The different widths of the stage identify the stage length; the graph is thus a transposed distance-time graph, with the gradient showing the difference in pace in seconds per kilometer.

The other type of pace chart uses lines to create some sort of stylised onion skin histogram. In this map, the vertical dimension is seconds per km gained / loat relative to each driver on the stage, with stage distance again on the x-axis. The area is thus and indicator of the total time gained / lost on the stage, which marks this out as a histogram.

In the example below, bars are filled relative to a specific driver. In this case, we’re plotting pace deltas relative to Thierry Neuville, and highlighting Neuville’s pace gap to Dani Sordo.

Pace mapper.

The other sort of chart I’ve been producing is more of a chartable:

Rally review chart.

This view combines tabular chart, with in-cell bar charts and various embedded charts.

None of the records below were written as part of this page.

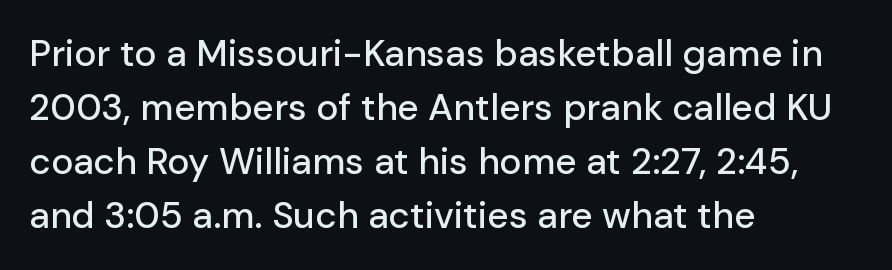
These lines are composed in type without serifs. Decoration check: the copy has no underline. Which margin do the lines hug? The left one — the right edge is uneven. Characters remain perfectly vertical along every line.
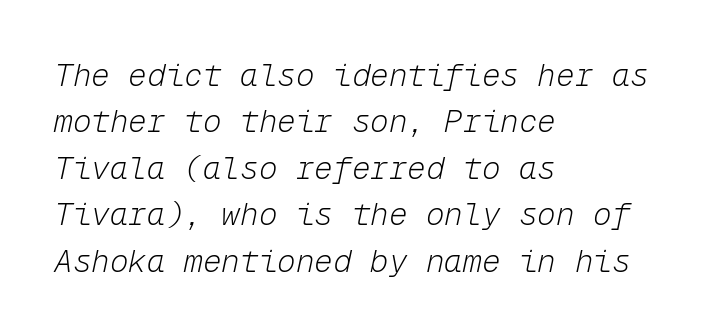
{"italic": "yes", "lean": "right", "slant_degrees": 12, "bold": "no", "weight": "light", "width": "normal", "stroke_contrast": "low", "x_height": "medium", "monospaced": "yes", "underline": "no", "align": "left", "line_spacing": "normal", "line_spacing_ratio": 1.5, "letter_spacing": "normal", "letter_spacing_em": 0.0, "glyph_px": 31}
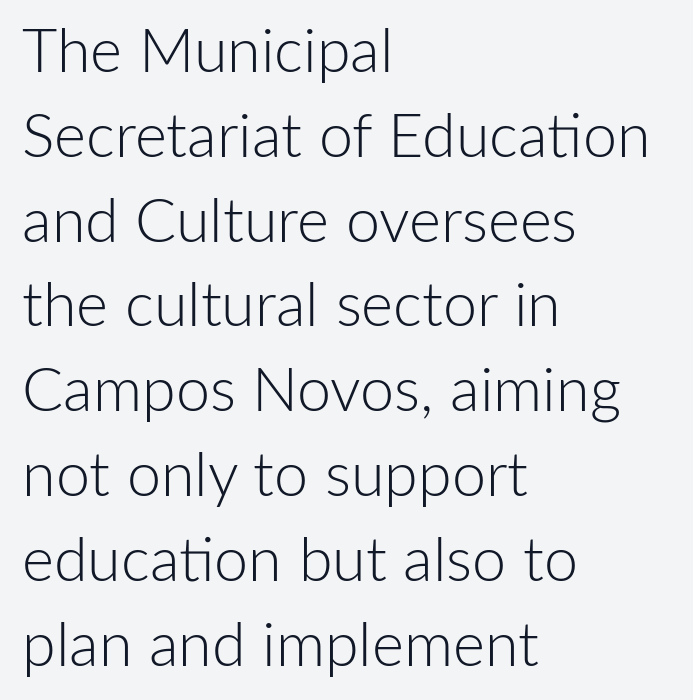
Q: Is the text bold? A: No.
Q: Is the text italic (slanted)? A: No, it is upright.
Q: Is the typeface a serif or a sans-serif typeface? A: Sans-serif.
Q: Is the text underlined? A: No.
Q: How is the paragraph aligned? A: Left-aligned.
Q: Is the spacing between letters normal or unusually wide? A: Normal.
Q: Is the spacing between lines tight, normal or loose? A: Normal.
Q: Width (condensed, normal, or wide)? A: Normal.
Q: Stroke contrast? A: Low.
Q: x-height? A: Medium.
Q: Monospaced? A: No.

The intention was to combine glanceable visual +/- deltas with actual numbers attached as well as graphics that could depict trends and spikes. The chart also allows you to select which driver to rebase the other rows to: this allows you to generate a report that tells the rally story from the perspective of a specified driver.

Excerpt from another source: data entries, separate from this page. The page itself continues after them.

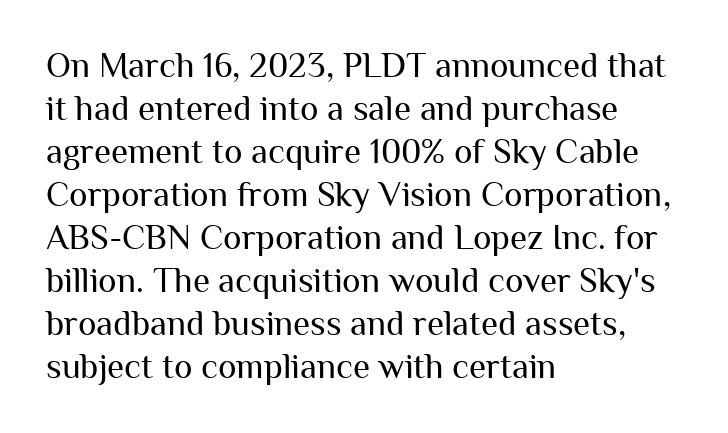
Q: Is the text bold? A: No.
Q: Is the text italic (slanted)? A: No, it is upright.
Q: Is the typeface a serif or a sans-serif typeface? A: Sans-serif.
Q: Is the text underlined? A: No.
Q: How is the paragraph aligned? A: Left-aligned.
Q: Is the spacing between letters normal or unusually wide? A: Normal.
Q: Width (condensed, normal, or wide)? A: Normal.
Q: Stroke contrast? A: Medium.
Q: x-height? A: Medium.
Q: Monospaced? A: No.
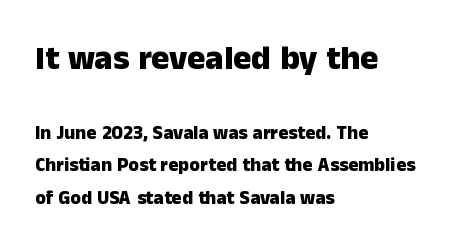
Q: Is the text bold? A: Yes.
Q: Is the text italic (slanted)? A: No, it is upright.
Q: Is the typeface a serif or a sans-serif typeface? A: Sans-serif.
Q: Is the text underlined? A: No.
Q: How is the paragraph aligned? A: Left-aligned.
Q: Is the spacing between letters normal or unusually wide? A: Normal.
Q: Is the spacing between lines tight, normal or loose? A: Normal.
Q: Which block of text is set in a larger size, the first (top) or the second (bottom)? A: The first (top) one.
Q: Width (condensed, normal, or wide)? A: Normal.
Q: Stroke contrast? A: Low.
Q: x-height? A: Medium.
Q: Monospaced? A: No.
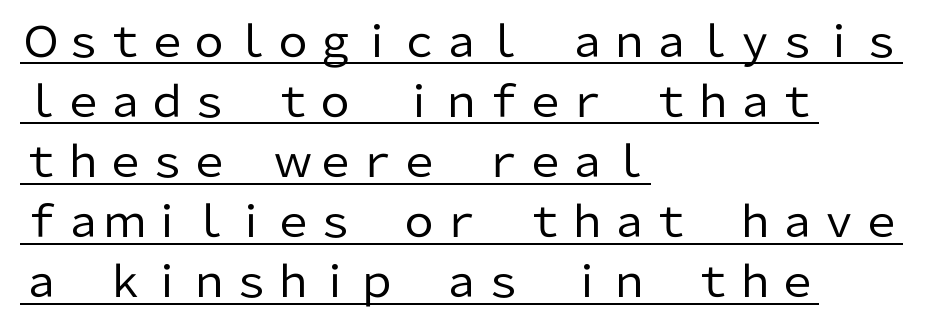
Q: Is the text bold? A: No.
Q: Is the text italic (slanted)? A: No, it is upright.
Q: Is the typeface a serif or a sans-serif typeface? A: Sans-serif.
Q: Is the text underlined? A: Yes.
Q: How is the paragraph aligned? A: Left-aligned.
Q: Is the spacing between letters normal or unusually wide? A: Normal.
Q: Is the spacing between lines tight, normal or loose? A: Normal.
Q: Width (condensed, normal, or wide)? A: Normal.
Q: Stroke contrast? A: Low.
Q: x-height? A: Medium.
Q: Monospaced? A: No.
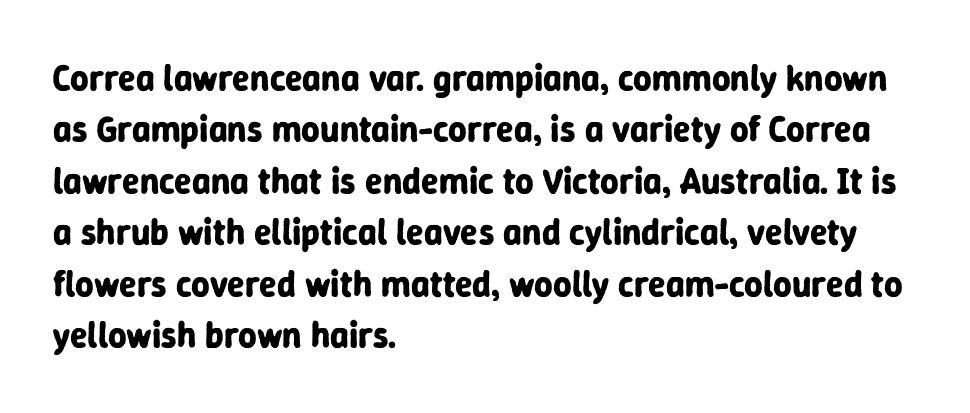
{"serif": "no", "italic": "no", "bold": "yes", "weight": "bold", "width": "normal", "stroke_contrast": "low", "x_height": "medium", "monospaced": "no", "underline": "no", "align": "left", "line_spacing": "normal", "line_spacing_ratio": 1.43, "letter_spacing": "normal", "letter_spacing_em": 0.0, "glyph_px": 36}
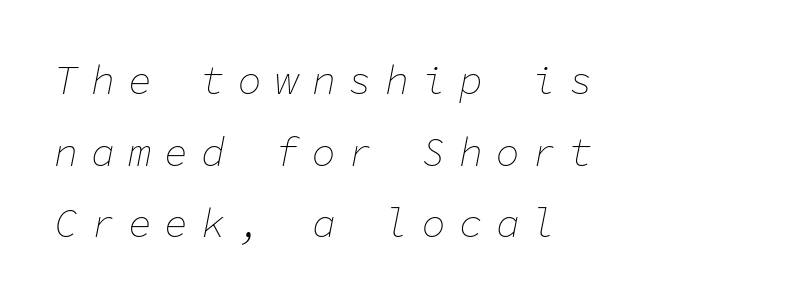
{"italic": "yes", "lean": "right", "slant_degrees": 11, "bold": "no", "weight": "thin", "width": "normal", "stroke_contrast": "low", "x_height": "medium", "monospaced": "yes", "underline": "no", "align": "left", "line_spacing_ratio": 1.79, "letter_spacing": "wide", "letter_spacing_em": 0.32, "glyph_px": 40}
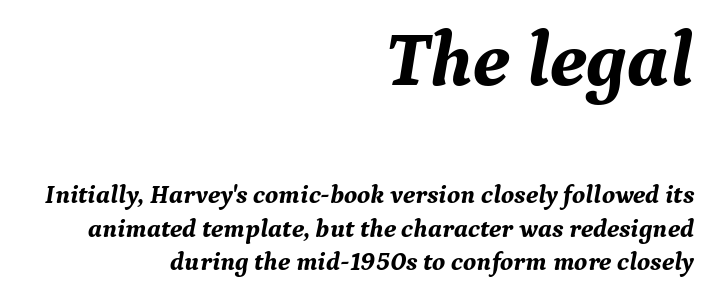
Q: Is the text bold? A: Yes.
Q: Is the text italic (slanted)? A: Yes, it leans right by about 9 degrees.
Q: Is the typeface a serif or a sans-serif typeface? A: Serif.
Q: Is the text underlined? A: No.
Q: How is the paragraph aligned? A: Right-aligned.
Q: Is the spacing between letters normal or unusually wide? A: Normal.
Q: Is the spacing between lines tight, normal or loose? A: Normal.
Q: Which block of text is set in a larger size, the first (top) or the second (bottom)? A: The first (top) one.
Q: Width (condensed, normal, or wide)? A: Normal.
Q: Stroke contrast? A: Medium.
Q: x-height? A: Medium.
Q: Monospaced? A: No.
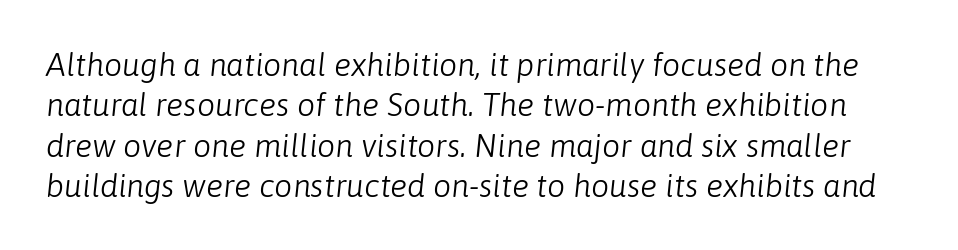
{"italic": "yes", "lean": "right", "slant_degrees": 6, "bold": "no", "weight": "light", "width": "normal", "stroke_contrast": "low", "x_height": "medium", "monospaced": "no", "underline": "no", "line_spacing": "normal", "line_spacing_ratio": 1.26, "letter_spacing": "normal", "letter_spacing_em": 0.0, "glyph_px": 32}
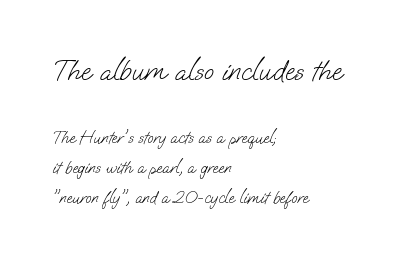
{"serif": "no", "bold": "no", "weight": "light", "width": "normal", "stroke_contrast": "low", "x_height": "small", "monospaced": "no", "underline": "no", "align": "left", "line_spacing_ratio": 1.77, "letter_spacing": "normal", "letter_spacing_em": 0.0, "larger_block": "first", "size_ratio": 1.71, "glyph_px": 29}
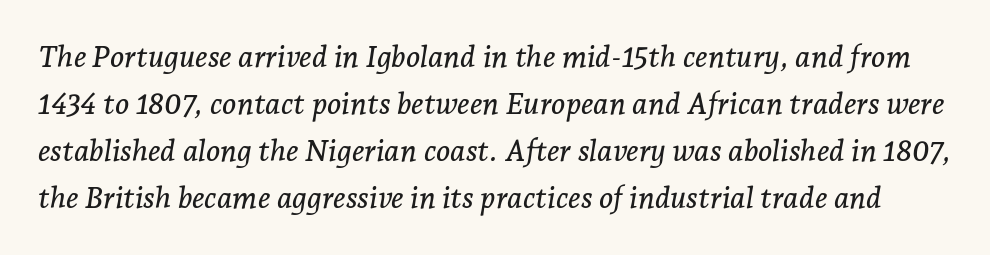
Q: Is the text italic (slanted)? A: Yes, it leans right by about 7 degrees.
Q: Is the typeface a serif or a sans-serif typeface? A: Serif.
Q: Is the text underlined? A: No.
Q: Is the spacing between letters normal or unusually wide? A: Normal.
Q: Is the spacing between lines tight, normal or loose? A: Normal.
Q: Width (condensed, normal, or wide)? A: Normal.
Q: Stroke contrast? A: Low.
Q: x-height? A: Medium.
Q: Monospaced? A: No.

My thinking is that to create the Rally Review chart, I should perhaps have a range of services that each create one component, along with a tool that lets me construct the finished table from component columns in the desired order.

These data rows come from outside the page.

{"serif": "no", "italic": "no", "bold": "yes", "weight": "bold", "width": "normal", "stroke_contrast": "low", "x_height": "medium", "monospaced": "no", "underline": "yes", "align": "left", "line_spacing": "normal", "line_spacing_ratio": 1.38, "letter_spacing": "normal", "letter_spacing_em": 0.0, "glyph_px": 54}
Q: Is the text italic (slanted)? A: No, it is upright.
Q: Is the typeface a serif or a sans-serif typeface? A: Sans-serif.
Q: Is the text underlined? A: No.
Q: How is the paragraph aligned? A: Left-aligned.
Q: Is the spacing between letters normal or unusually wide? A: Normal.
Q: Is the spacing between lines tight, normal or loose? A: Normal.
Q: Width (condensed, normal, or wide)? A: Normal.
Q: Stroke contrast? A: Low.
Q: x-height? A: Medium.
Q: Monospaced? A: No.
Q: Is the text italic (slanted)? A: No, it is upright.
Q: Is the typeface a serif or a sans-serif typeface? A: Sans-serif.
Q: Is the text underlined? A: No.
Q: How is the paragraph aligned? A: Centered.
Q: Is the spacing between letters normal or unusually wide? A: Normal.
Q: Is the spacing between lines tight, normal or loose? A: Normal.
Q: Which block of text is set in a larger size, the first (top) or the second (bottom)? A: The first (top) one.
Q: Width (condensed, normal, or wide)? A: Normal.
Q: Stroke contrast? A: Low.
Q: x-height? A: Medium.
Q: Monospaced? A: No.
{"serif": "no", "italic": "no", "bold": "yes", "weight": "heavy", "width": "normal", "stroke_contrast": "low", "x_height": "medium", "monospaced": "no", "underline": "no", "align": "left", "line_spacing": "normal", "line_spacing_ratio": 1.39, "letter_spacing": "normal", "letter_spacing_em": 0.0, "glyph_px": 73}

Some columns may contain a graphical summary over values contained in a set of neighbouring columns, in which case it would make sense for the service to itself be a combination of services: one to generate rebased data, others to generate and return views over the data. (Rebasing data may be expensive computationally, so if we can do it once, rather than repeatedly, that makes sense.)

In terms of trasnformations, then, there are are least two sorts of transformation service required:

  • pace transformations, that take time quantities on a stage and make pace out them by taking the stage distance into account;
  • driver time rebasing transformations, that rebase times relative to a specified driver.

Rummaging through other old graphics (I must have the code somewhere bit not sure where; this will almost certainly need redoing to cope with the data I currently have in the form I have it…), I also turn up some things I’d like to revisit.

First up, stage split charts that are inspired by seasonal subseries plots:

Stage split subseries

These plots show the accumulated delta on a stage relative to a specified driver. Positions on the stage at each split are shown by overplotted labels. If we made the x-axis a split distance dimension, the gradient would show pace difference. As it is, the subseries just indicate trend over splits:

Another old chart I used to quite like is based on a variant of quantised slope chart or bump charts (a bit like postion charts.

This is fine for demonstrating changes in position for a particular loop but gets cluttered if there are more than three or four stages. The colour indicates whether a driver gained or lost time realtive to the overall leader (I think!). The number represents the number of consecutive stage wins in the loop by that driver. The bold font on the right indicates the driver improved overall position over the course of the loop. The rows at the bottom are labelled with position numbers if they rank outside the top 10 (this should really be if they rank lower than the number of entruies in the WRC class).

One thing I haven’t tried, but probably should, is a slope graph comparing times for each driver where there are two passes of the same stage.

I did have a go in the past at more general position / bump charts too but these are perhaps a little too cluttered to be useful:

Again, the oberprintined numbers on the first position row indicate the number ofconsecutive stage wins for that driver; the labels on the lower rows are out of top 10 position labels.

What may be more useful would be adding the gap to leader of diff to car ahead, either on stage or overall, with colour indicating either that quantity, heatmap style, or for the overall case, whether that gap / difference increased or decreased on the stage.